In Greek and Roman mythology, Glaucus (; Ancient Greek: Γλαῦκος Glaukos means "greyish blue" or "bluish green" and "glimmering"), usually surnamed as Potnieus, was a son of Sisyphus whose main myth involved his violent death as the result of his horsemanship. He was the king of the Boeotian city of Potniae or sometimes of Corinth. Glaucus was the subject of a lost tragedy by Aeschylus, Glaucus Potnieus (Glaucus at Potniae), fragments of which are contained in an Oxyrhynchus Papyrus.

Family
The mother of Glaucus was Merope, a daughter of Atlas and one of the Pleiades. By marrying Sisyphus, she became the only one of the Pleiades to mate with a mortal. Glaucus was the brother of Almus, Thersander and Ornytion (Porphyrion)

At first, Sisyphus had tried to arrange a marriage for Glaucus with the shape-shifting Mestra, a daughter of Erysichthon, but despite the payment of valuable bride-gifts, she eluded the marriage and was taken to an island by Poseidon. Glaucus then married a daughter of Nisus named Eurymede or Eurynome. Zeus had declared that Glaucus would sire no children even by his own wife, perhaps because of his violations against Aphrodite. While Eurynome gave birth to the famed hero Bellerophon, Poseidon is usually seen as the true father. The Iliad, however, names Glaucus as Bellerophon's father. The equine theme continues: Poseidon was associated with horses, and Bellerophon was the rider of the winged horse Pegasus. By his wife, Glaucus became the father of Alcimenes (Deliades or Piren) who was unintentionally murdered by his own hero brother.

Glaucus was the ancestor of the Glaucus in the Iliad, through his son Bellerophon who ventured to Lycia.

Mythology
Glaucus took part in the funeral games organized in honor of Pelias by his son Acastus, the famous Athla epi Pelia in which some of the foremost heroes of Greece competed, including the Argonauts.

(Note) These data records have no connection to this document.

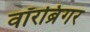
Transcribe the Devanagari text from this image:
वॉरब्रिंगर
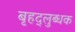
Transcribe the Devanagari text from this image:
बृहद्‌लुब्धक
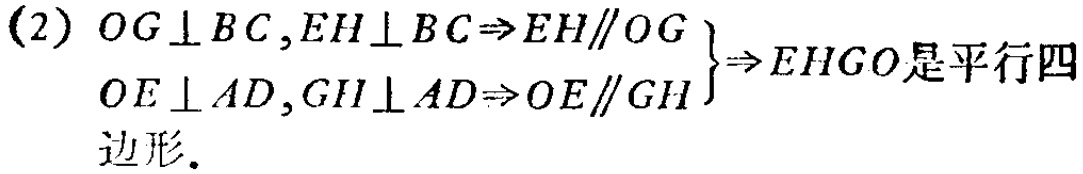
(2) \(OG\perp BC,EH\perp BC\Rightarrow EH\parallel OG\\
OE\perp AD,GH\perp AD\Rightarrow OE\parallel GH\\
\left.\begin{array}{l}
\end{array}\right\}\Rightarrow EHGO\text{是平行四}\\
边形.\)
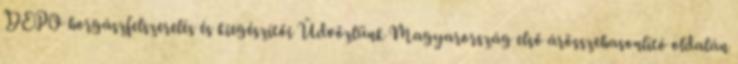
DEPO horgászfelszerelés és kiegészítői Üdvözlünk Magyarország első árösszehasonlító oldalán
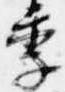
季
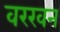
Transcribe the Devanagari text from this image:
वरखन
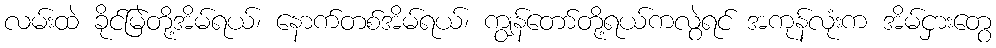
လမ်းထဲ ခိုင်မြဲတို့အိမ်ရယ်၊ နောက်တစ်အိမ်ရယ်၊ ကျွန်တော်တို့ရယ်ကလွဲရင် အကုန်လုံးက အိမ်ငှားတွေ
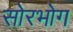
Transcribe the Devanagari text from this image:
सोरभोग
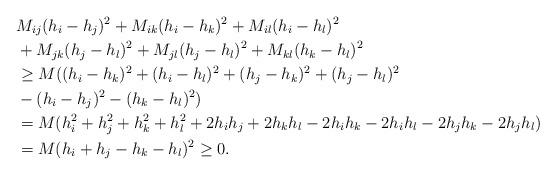
LaTeX: \begin{align*} & M_{ij}(h_i-h_j)^2+M_{ik}(h_i-h_k)^2+M_{il}(h_i-h_l)^2 \\ &+M_{jk}(h_j-h_l)^2+M_{jl}(h_j-h_l)^2+M_{kl}(h_k-h_l)^2 \\ &\geq M((h_i-h_k)^2+(h_i-h_l)^2+(h_j-h_k)^2+(h_j-h_l)^2\\ &-(h_i-h_j)^2-(h_k-h_l)^2)\\ &=M(h_i^2+h_j^2+h_k^2+h_l^2+2h_ih_j+2h_kh_l-2h_ih_k-2h_ih_l-2h_jh_k-2h_jh_l)\\ &=M(h_i+h_j-h_k-h_l)^2\geq 0.\end{align*}
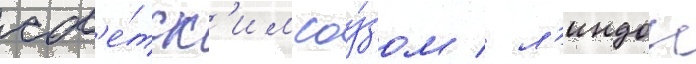
сов'е́тск'им соу́зом / л'индон
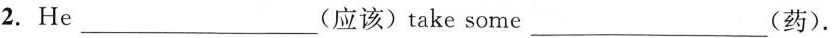
2.He___(应该)take some___(药).
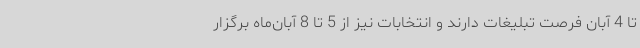
تا 4 آبان فرصت تبلیغات دارند و انتخابات نیز از 5 تا 8 آبان‌ماه برگزار
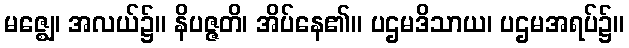
မဇ္ဈေ၊ အလယ်၌။ နိပဇ္ဇတိ၊ အိပ်နေ၏။ ပဌမဒိသာယ၊ ပဌမအရပ်၌။
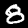
Label: 8
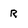
Character: R
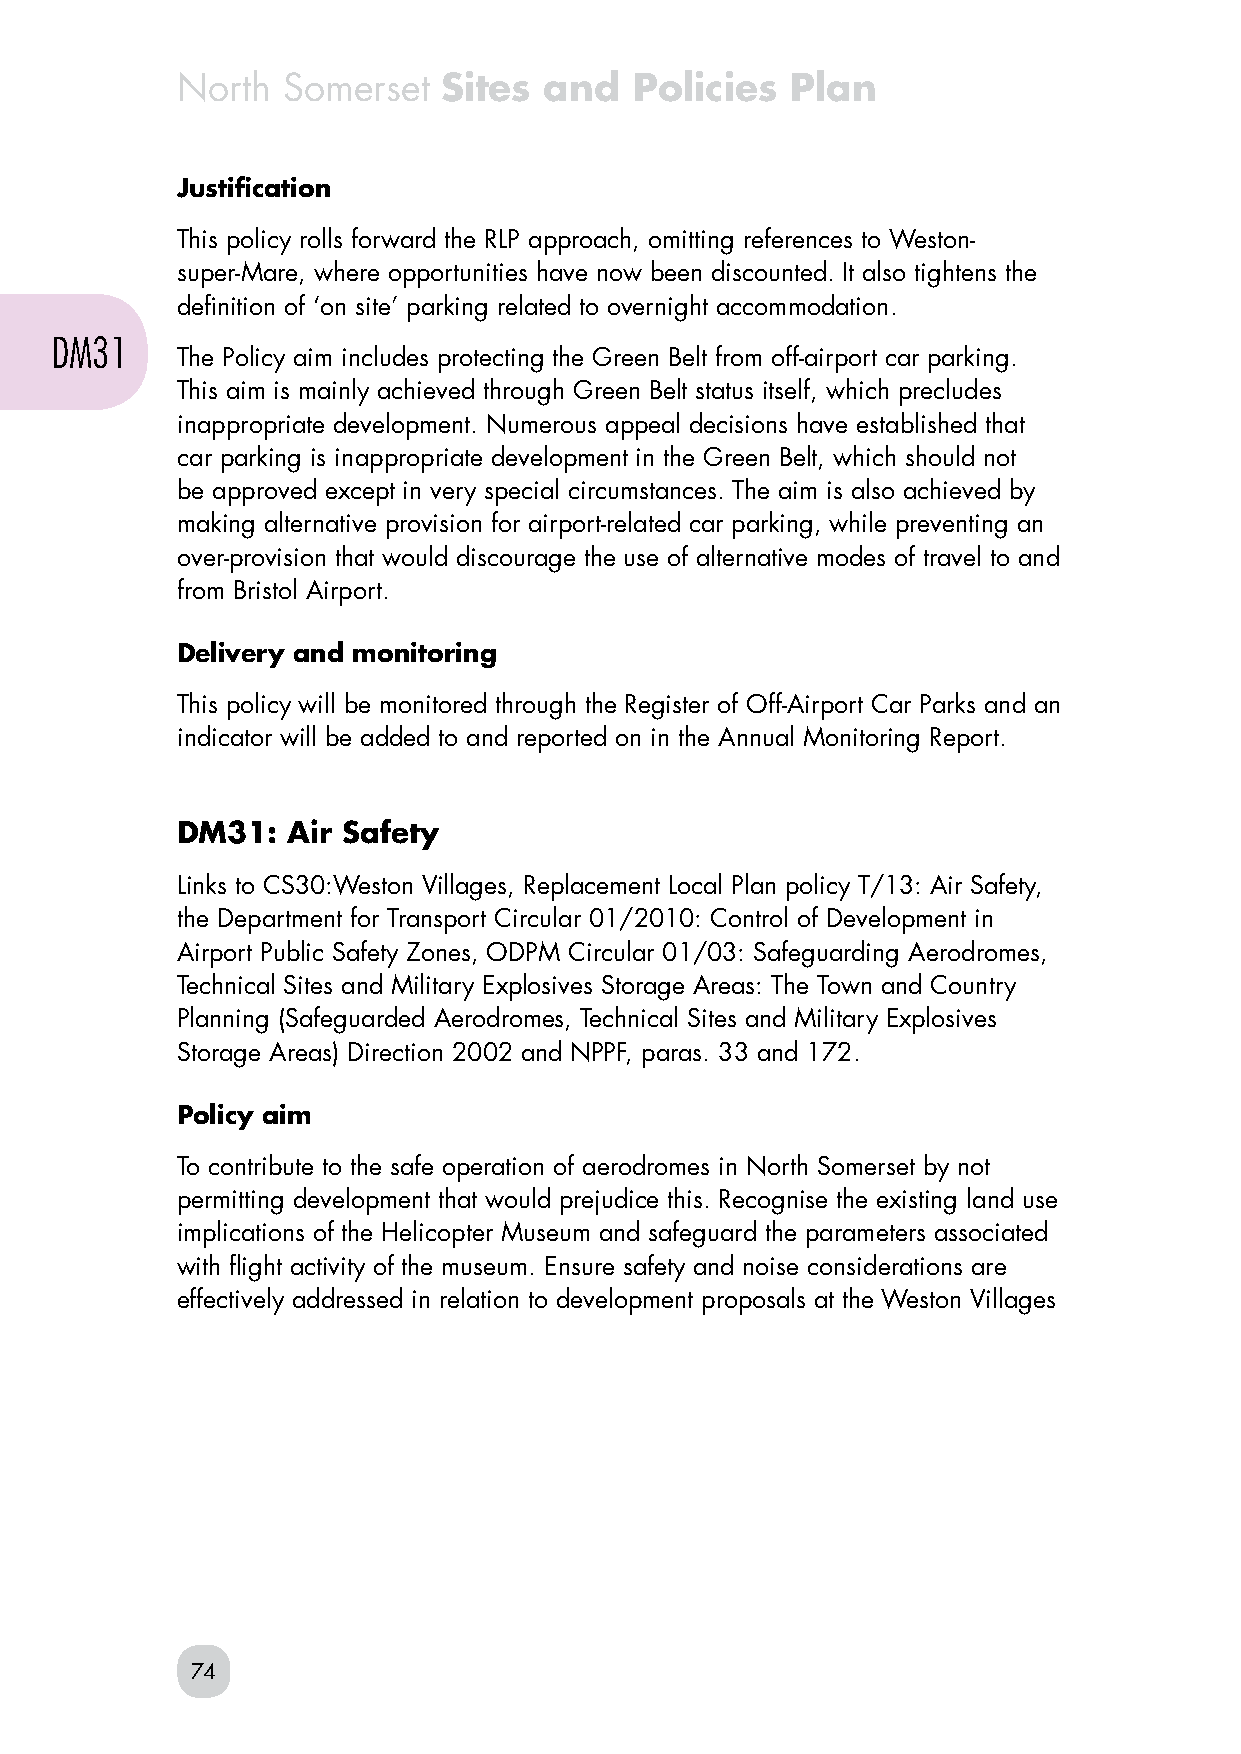
North  Somerset  Sites  and   Policies  Plan
 Justification
 This policy rolls forward the RLP approach, omitting references to Weston-
 super-Mare, where opportunities have now been discounted. It also tightens the
 definition of ‘on site’ parking related to overnight accommodation.
 DM31
 The Policy aim includes protecting the Green Belt from off-airport car parking.
 This aim is mainly achieved through Green Belt status itself, which precludes
 inappropriate development. Numerous appeal decisions have established that
 car parking is inappropriate development in the Green Belt, which should not
 be approved except in very special circumstances. The aim is also achieved by
 making alternative provision for airport-related car parking, while preventing an
 over-provision that would discourage the use of alternative modes of travel to and
 from Bristol Airport.
 Delivery and monitoring
 This policy will be monitored through the Register of Off-Airport Car Parks and an
 indicator will be added to and reported on in the Annual Monitoring Report.
 DM31:  Air Safety
 Links to CS30:Weston Villages, Replacement Local Plan policy T/13: Air Safety,
 the Department for Transport Circular 01/2010: Control of Development in
 Airport Public Safety Zones, ODPM Circular 01/03: Safeguarding Aerodromes,
 Technical Sites and Military Explosives Storage Areas: The Town and Country
 Planning (Safeguarded Aerodromes, Technical Sites and Military Explosives
 Storage Areas) Direction 2002 and NPPF, paras. 33 and 172.
 Policy aim
 To contribute to the safe operation of aerodromes in North Somerset by not
 permitting development that would prejudice this. Recognise the existing land use
 implications of the Helicopter Museum and safeguard the parameters associated
 with flight activity of the museum. Ensure safety and noise considerations are
 effectively addressed in relation to development proposals at the Weston Villages
 74
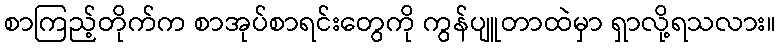
စာကြည့်တိုက်က စာအုပ်စာရင်းတွေကို ကွန်ပျူတာထဲမှာ ရှာလို့ရသလား။
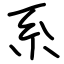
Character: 系
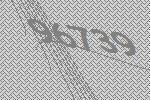
96739
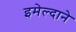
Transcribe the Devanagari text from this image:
इमेल्दाने
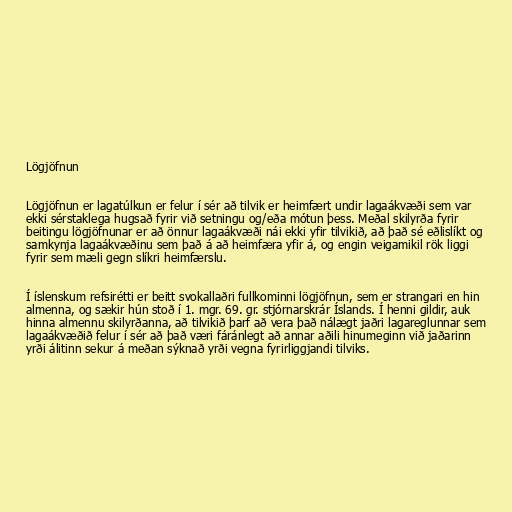
Lögjöfnun

Lögjöfnun er lagatúlkun er felur í sér að tilvik er heimfært undir lagaákvæði sem var
ekki sérstaklega hugsað fyrir við setningu og/eða mótun þess. Meðal skilyrða fyrir
beitingu lögjöfnunar er að önnur lagaákvæði nái ekki yfir tilvikið, að það sé eðlislíkt og
samkynja lagaákvæðinu sem það á að heimfæra yfir á, og engin veigamikil rök liggi
fyrir sem mæli gegn slíkri heimfærslu.

Í íslenskum refsirétti er beitt svokallaðri fullkominni lögjöfnun, sem er strangari en hin
almenna, og sækir hún stoð í 1. mgr. 69. gr. stjórnarskrár Íslands. Í henni gildir, auk
hinna almennu skilyrðanna, að tilvikið þarf að vera það nálægt jaðri lagareglunnar sem
lagaákvæðið felur í sér að það væri fáránlegt að annar aðili hinumeginn við jaðarinn
yrði álitinn sekur á meðan sýknað yrði vegna fyrirliggjandi tilviks.
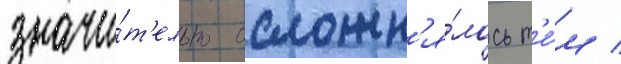
значи́т'ельно осложн'я́лось т'е́м /
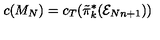
c ( M _ { N } ) = c _ { T } ( \tilde { \pi } _ { k } ^ { * } ( { \cal E } _ { N n + 1 } ) )
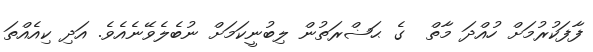
ފާފަކުރުމަށް ހުއްދަ މާތް  ގެ ޙަޟްރަތުން ލިބުނީކަމަށް ނުބެލެވޭނެއެވެ. އަދި ކިއެއްތަ
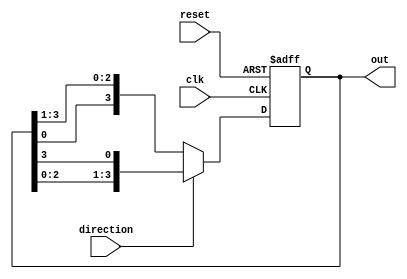
module johnson_counter (
    input wire clk,
    input wire reset,
    input wire direction, // 0 for shifting left, 1 for shifting right
    output reg [3:0] out
);

reg [3:0] state;

always @ (posedge clk or posedge reset) begin
    if (reset)
        state <= 4'b0001; // Initial state
    else begin
        if (direction)
            state <= {state[2:0], state[3]}; // Shift right
        else
            state <= {state[0], state[3:1]}; // Shift left
    end
end

assign out = state;

endmodule
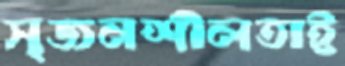
সৃজনশীলতাই
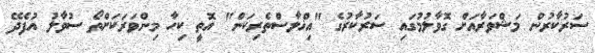
ސަރުކާރުން މަޝްވަރާއަށް ގޮވާލުމުގައި ސަރުކާރުގެ "އިޚްލާސްތެރިކަން" އޮތީ ކިހާ މިންވަރަކަށްތޯ ސުވާލު އުފެދޭ
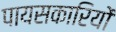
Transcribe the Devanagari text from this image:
पायसकारियों
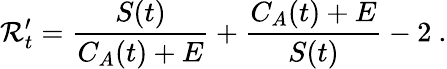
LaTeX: \mathcal{R}_{t}^{\prime}=\frac{{S(t)}}{{C_{A}(t)+E}}+\frac{{C_{A}(t)+E}}{{S(t)}}-2\ .
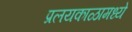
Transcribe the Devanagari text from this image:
प्रलयकाळामध्ये
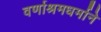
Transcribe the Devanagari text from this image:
वर्णाश्रमधर्माने
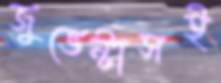
জুভেন্টাসই
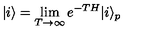
| i \rangle = \lim _ { T \rightarrow \infty } e ^ { - T H } | i \rangle _ { p }
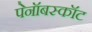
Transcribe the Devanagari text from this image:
पेनॉबस्कॉट
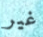
غير
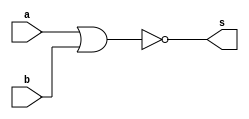
//ARQ1 - Eduardo Botelho de Andrade

module nor2 (output s,
             input a,
             input b);

 assign s = (~(a|b));
 
endmodule

module tabela_verdade;

 reg a,b;
 wire s;
 
 nor2 nor1 (s,a,b);
 
 initial
  begin
   a=0; b=0;
  end

 initial
  begin
   $display("Output  A  B");
   $monitor("  %b   %b %b",s,a,b);

   #1 b=1;
   #1 a=1; b=0;
   #1 b=1;
  end
endmodule

Glaucus lost to Iolaus in the chariot race.  A fragment from Aeschylus's tragedy has sometimes been taken to mean that Glaucus died in a chariot accident on the way home, but it seems more probable that the accident occurred during the race. According to Pausanias, Glaucus haunted the Isthmian Games as a form of Taraxippus, because he was killed by his horses during the funeral games.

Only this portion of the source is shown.